Keep ``params`` alive for the whole integration so it is not
garbage-collected while the solver is running.  See :ref:`ctx-parameter`
for the general ``ctx`` conventions shared with the numba and
shared-library approaches.

----

.. _ctx-parameter:

Passing parameters with ``ctx``
---------------------------------

The ``ctx`` argument to :func:`~zvode.solve_complex_ivp` is a
``ctypes.c_void_p`` forwarded as the last argument to **both** compiled
callbacks on every invocation.  It lets you parameterise the problem without
global variables.

**Pattern 1 — NumPy array of parameters:**

.. code-block:: python

   import ctypes
   import numpy as np
   from numba import cfunc, carray
   import numba as nb
   import zvode

   params = np.array([-1.0+2.0j, -2.0+1.0j], dtype=np.complex128)
   ctx = ctypes.cast(params.ctypes.data, ctypes.c_void_p)

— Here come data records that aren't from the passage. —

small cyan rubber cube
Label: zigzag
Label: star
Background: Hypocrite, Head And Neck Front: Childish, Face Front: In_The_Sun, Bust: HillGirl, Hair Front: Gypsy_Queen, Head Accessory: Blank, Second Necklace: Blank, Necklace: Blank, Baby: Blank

   @cfunc(zvode.zvode_fun_sig)
   def rhs(neq, t, y, dy, ctx_ptr):
       p = carray(ctx_ptr, (2,), dtype=nb.complex128)
       dy[0] = p[0] * y[0]
       dy[1] = p[1] * y[1]

   sol = zvode.solve_complex_ivp(rhs.ctypes, tspan=(0.0, 5.0),
                                 y0=[1.0+0j, 0.0+1j],
                                 ctx=ctx)

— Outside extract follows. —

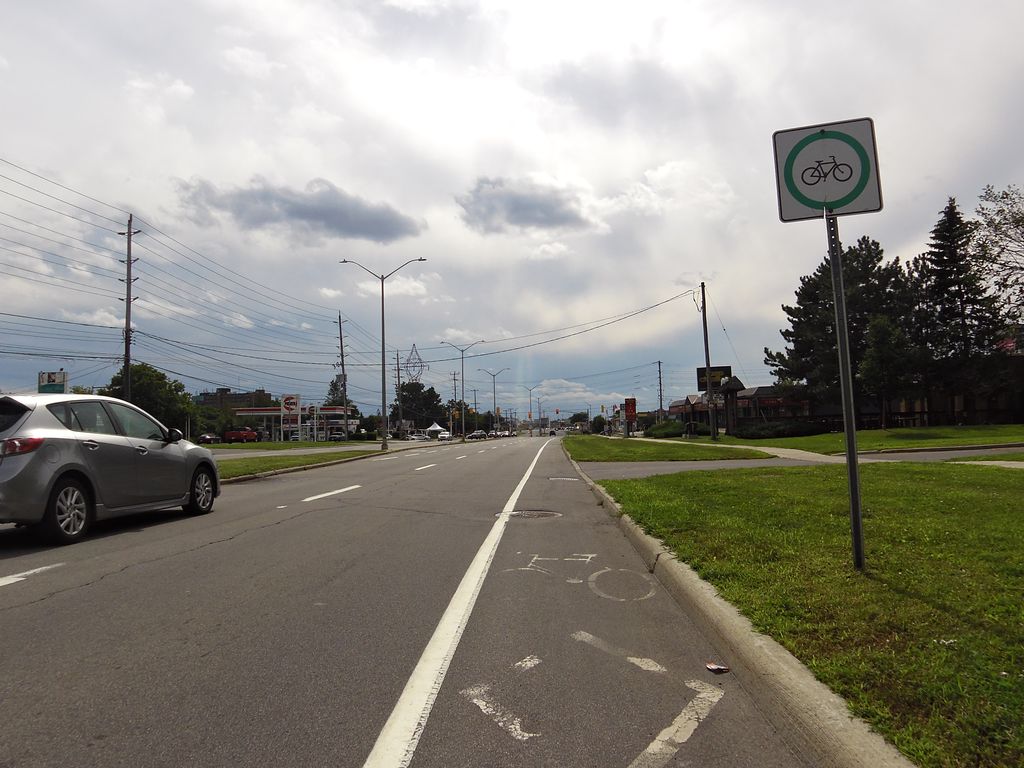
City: ottawa-gatineau

Keep ``params`` alive for the entire duration of the integration — do not let
it be garbage-collected while :func:`~zvode.solve_complex_ivp` is running.

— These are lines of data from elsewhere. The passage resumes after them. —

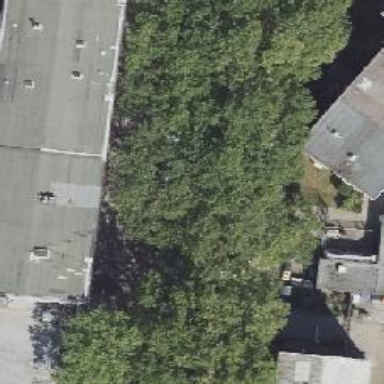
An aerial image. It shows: Deciduous broadleaved tree.
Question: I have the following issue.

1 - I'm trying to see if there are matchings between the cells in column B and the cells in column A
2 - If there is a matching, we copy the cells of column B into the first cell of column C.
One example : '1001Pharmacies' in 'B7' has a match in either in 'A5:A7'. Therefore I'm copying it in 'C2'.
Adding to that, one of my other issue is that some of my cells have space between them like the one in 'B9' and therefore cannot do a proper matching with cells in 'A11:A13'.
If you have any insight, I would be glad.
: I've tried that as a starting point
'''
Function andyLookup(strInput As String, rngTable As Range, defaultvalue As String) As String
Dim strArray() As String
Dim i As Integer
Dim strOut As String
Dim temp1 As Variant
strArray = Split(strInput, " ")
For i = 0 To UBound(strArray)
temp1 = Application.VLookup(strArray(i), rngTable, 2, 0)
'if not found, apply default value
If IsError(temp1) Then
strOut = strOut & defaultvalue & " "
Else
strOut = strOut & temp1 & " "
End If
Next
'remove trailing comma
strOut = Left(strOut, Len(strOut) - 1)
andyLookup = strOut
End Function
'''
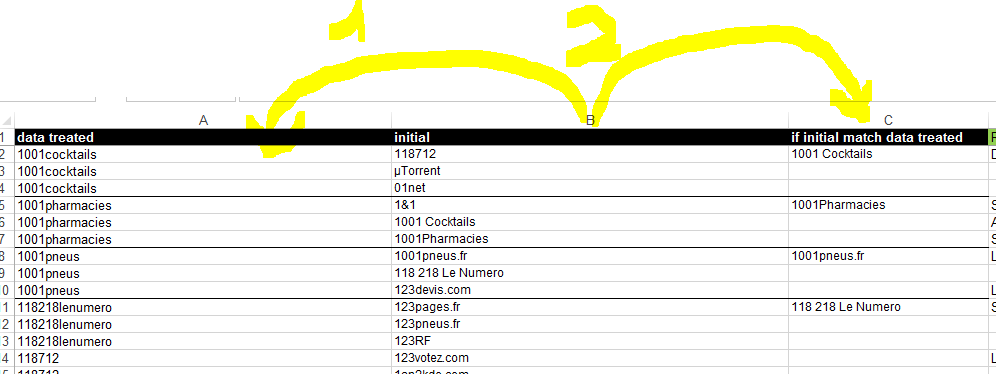
Answer: Do you mean something like
'''
=IFERROR(VLOOKUP(SUBSTITUTE(B2," ",""),A:B,2,FALSE),"")
'''
Or if you specifically want to use VBA
'''
Function andyLookup(strInput As String, rngTable As Range, defaultvalue As String) As String
Dim temp1 As Variant
temp1 = Application.VLookup(Replace(strInput," ",""), rngTable, 2, 0)
andLookup = IIf(IsError(temp1), defaultvalue, temp1)
End Function
'''

**Pattern 2 — ctypes Structure:**

.. code-block:: python

   class Params(ctypes.Structure):
       _fields_ = [("lambda1", ctypes.c_double * 2),   # complex128 as 2 doubles
                   ("lambda2", ctypes.c_double * 2)]

   p = Params()
   p.lambda1[0], p.lambda1[1] = -1.0, 2.0   # real, imag
   p.lambda2[0], p.lambda2[1] = -2.0, 1.0

   ctx = ctypes.cast(ctypes.pointer(p), ctypes.c_void_p)
   sol = zvode.solve_complex_ivp(rhs.ctypes, tspan, y0, ctx=ctx)

**Pattern 3 — numba compiled closure (no ``ctx`` needed):**

When parameters are known at compile time, numba can capture them from the
enclosing Python scope, avoiding the need for ``ctx`` entirely:

.. code-block:: python

   def make_rhs(lam1, lam2):
       @cfunc(zvode.zvode_fun_sig)
       def rhs(neq, t, y, dy, ctx):
           dy[0] = lam1 * y[0]
           dy[1] = lam2 * y[1]
       return rhs

   my_rhs = make_rhs(-1.0+2.0j, -2.0+1.0j)
   sol = zvode.solve_complex_ivp(my_rhs.ctypes, tspan, y0)

Each call to ``make_rhs`` triggers a fresh numba JIT compilation; cache the
result if the same parameters are reused across multiple integrations.

.. note::

   ``ctx`` is silently ignored (with a ``UserWarning``) when all callbacks are
   plain Python callables — it is only forwarded to compiled callbacks.